Even moderate alcohol intake can raise blood pressure

 

Previous research has supported the presence of a J-curve regarding the relationship between cardiovascular risk and alcohol intake—light to moderate consumption may have a protective effect, but excessive drinking is associated with progressively higher risk.

But when it comes to developing high blood pressure, any amount of alcohol increases risk, lead author Nathalia Miguel Teixeira Santana and colleagues reported in PLOS One.

The researchers studied 7,655 volunteers across three regions in Brazil. Their average age was 50 and half (50.1 percent) were men.

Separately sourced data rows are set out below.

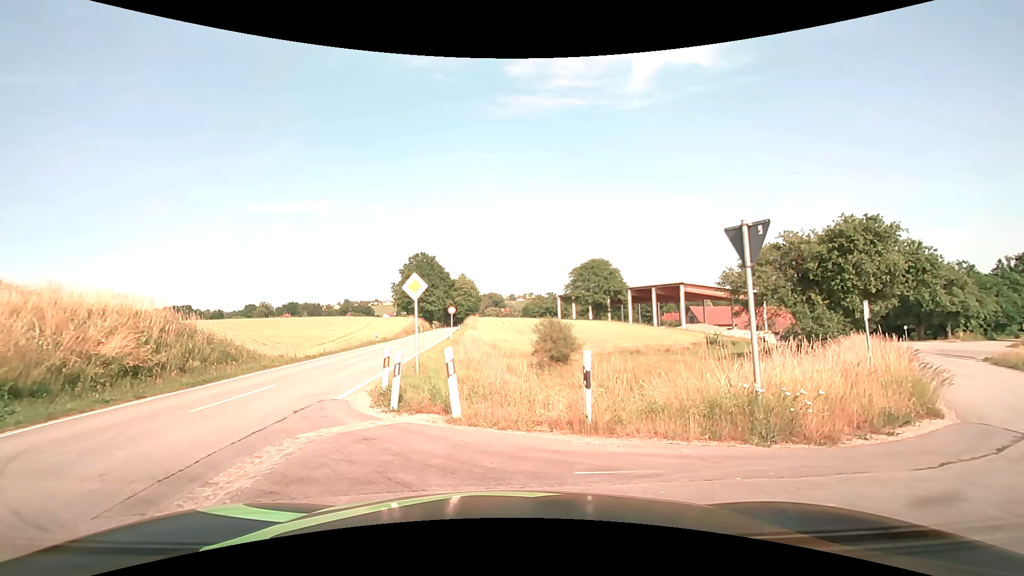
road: secondary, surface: asphalt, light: Day
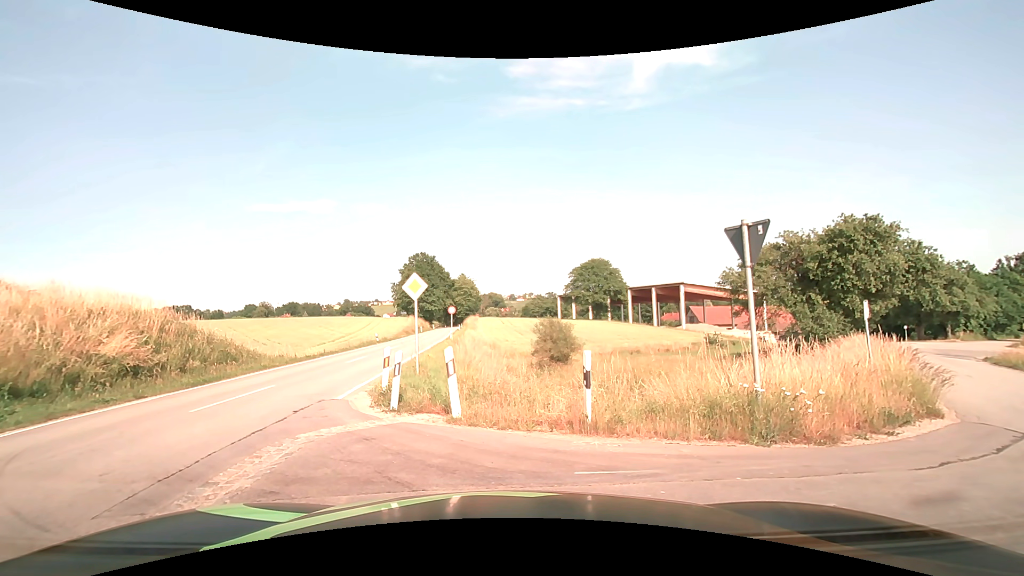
(0.0, 0.0) m; 0°
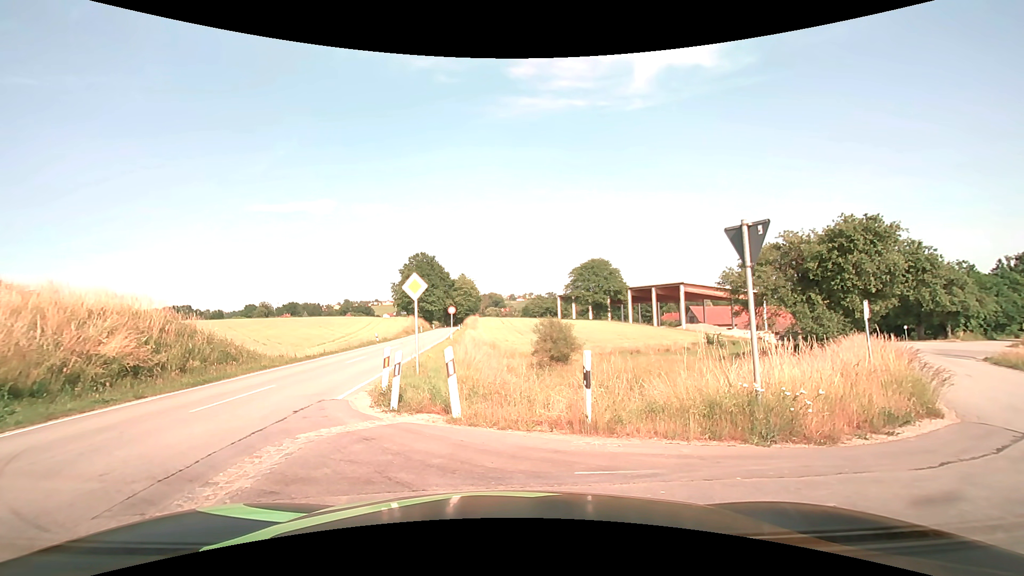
(0.0, 0.0) m; 0°
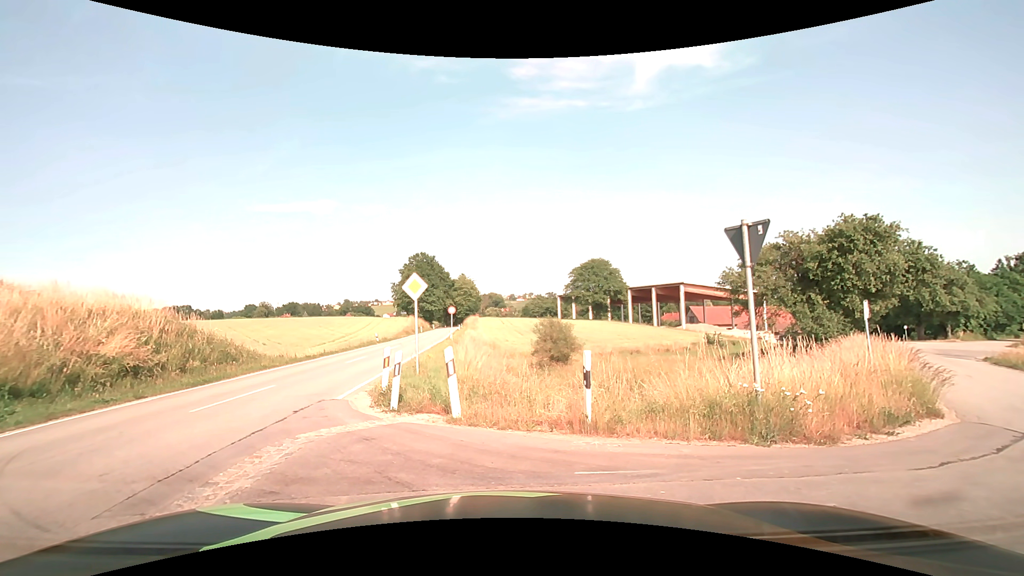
(0.0, 0.0) m; 0°
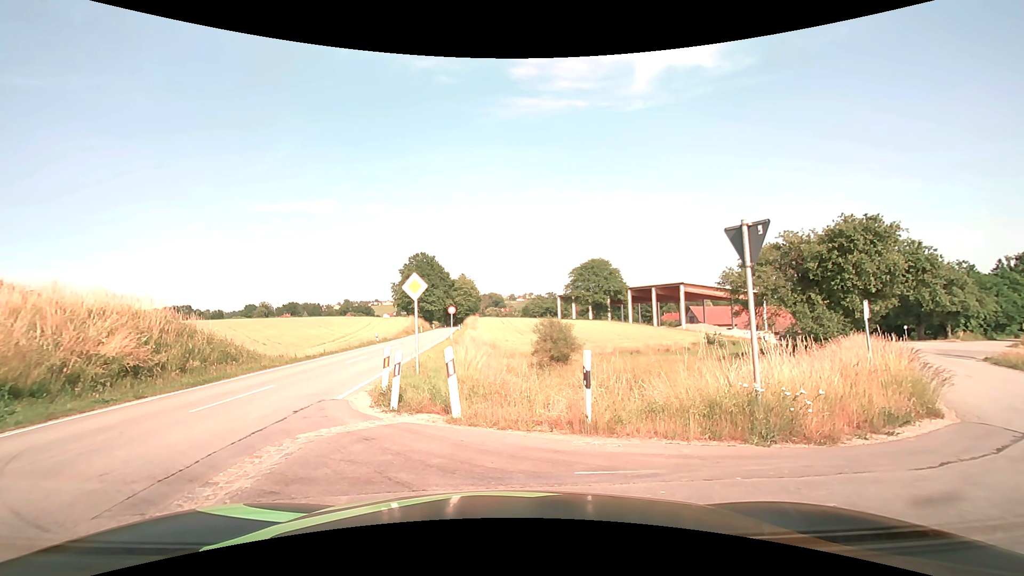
(0.0, 0.0) m; 0°
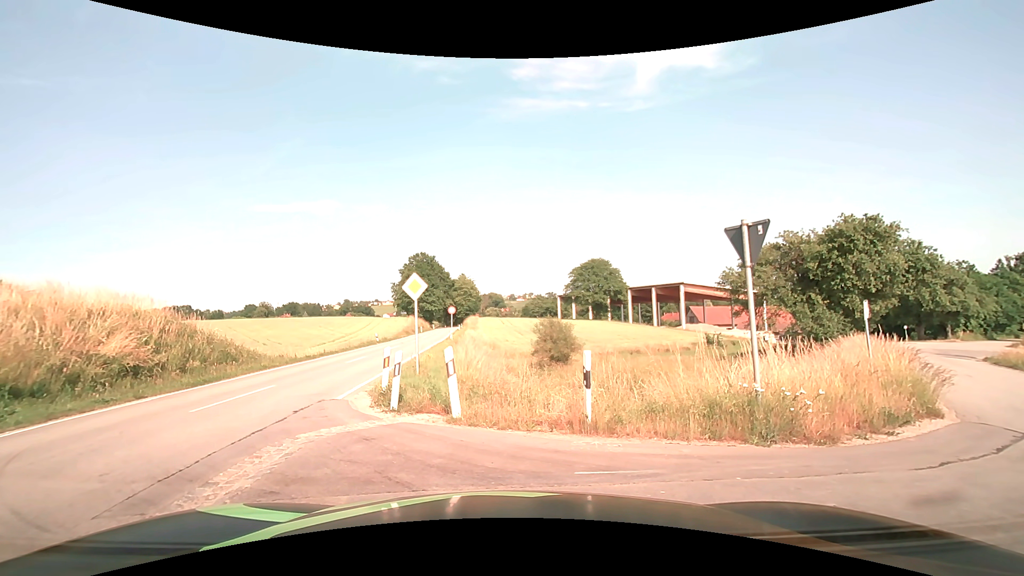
(0.0, 0.0) m; 0°
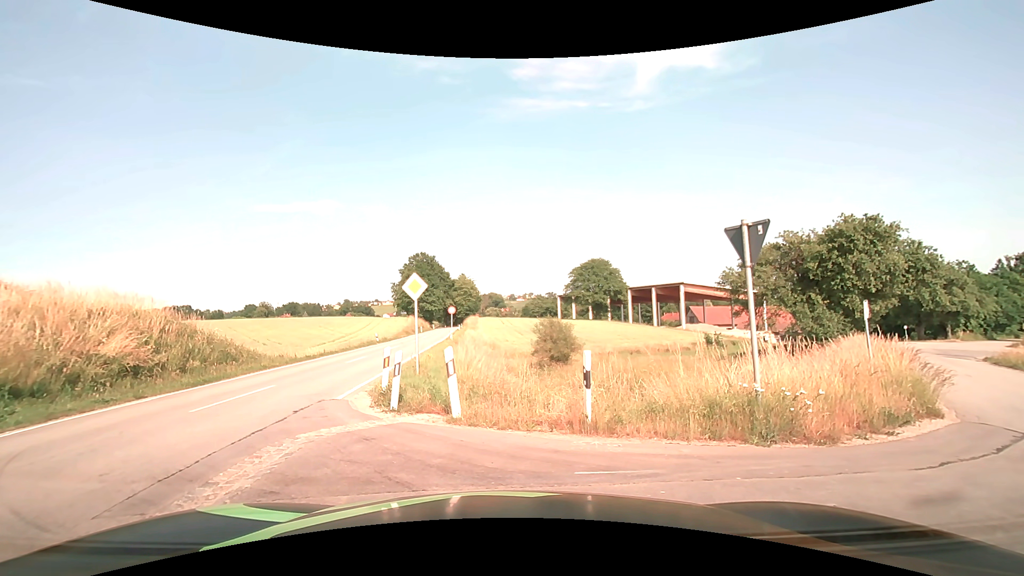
(0.0, 0.0) m; 0°
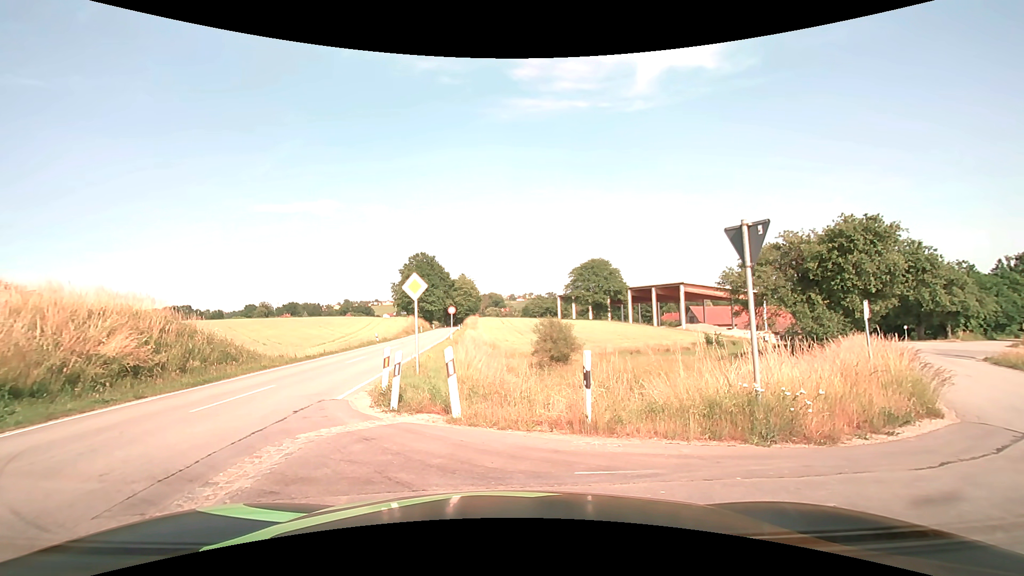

Each participant completed a questionnaire and was placed into one of three categories based on alcohol consumption: abstainers, moderate drinkers and excessive drinkers. Excessive alcohol use was defined as ethanol consumption of at least 210 grams per week for men and 140 grams per week for women. Moderate use encompassed any intake below those thresholds.

Santana et al. then examined the prevalence of hypertension in those groups using low-end cutoffs of 140 millimeters of mercury for systolic blood pressure (SBP) and 90 mm Hg for diastolic blood pressure (DBP).

Compared to abstainers, men who drank moderately showed a 69 percent increased risk of hypertension, while those who drank excessively had 2.7 times the risk. Among women, only excessive drinkers were at a significantly increased risk—a 2.86-fold spike. Individuals who drank most often with meals saw risks drop across the board but remained at higher risk than abstainers.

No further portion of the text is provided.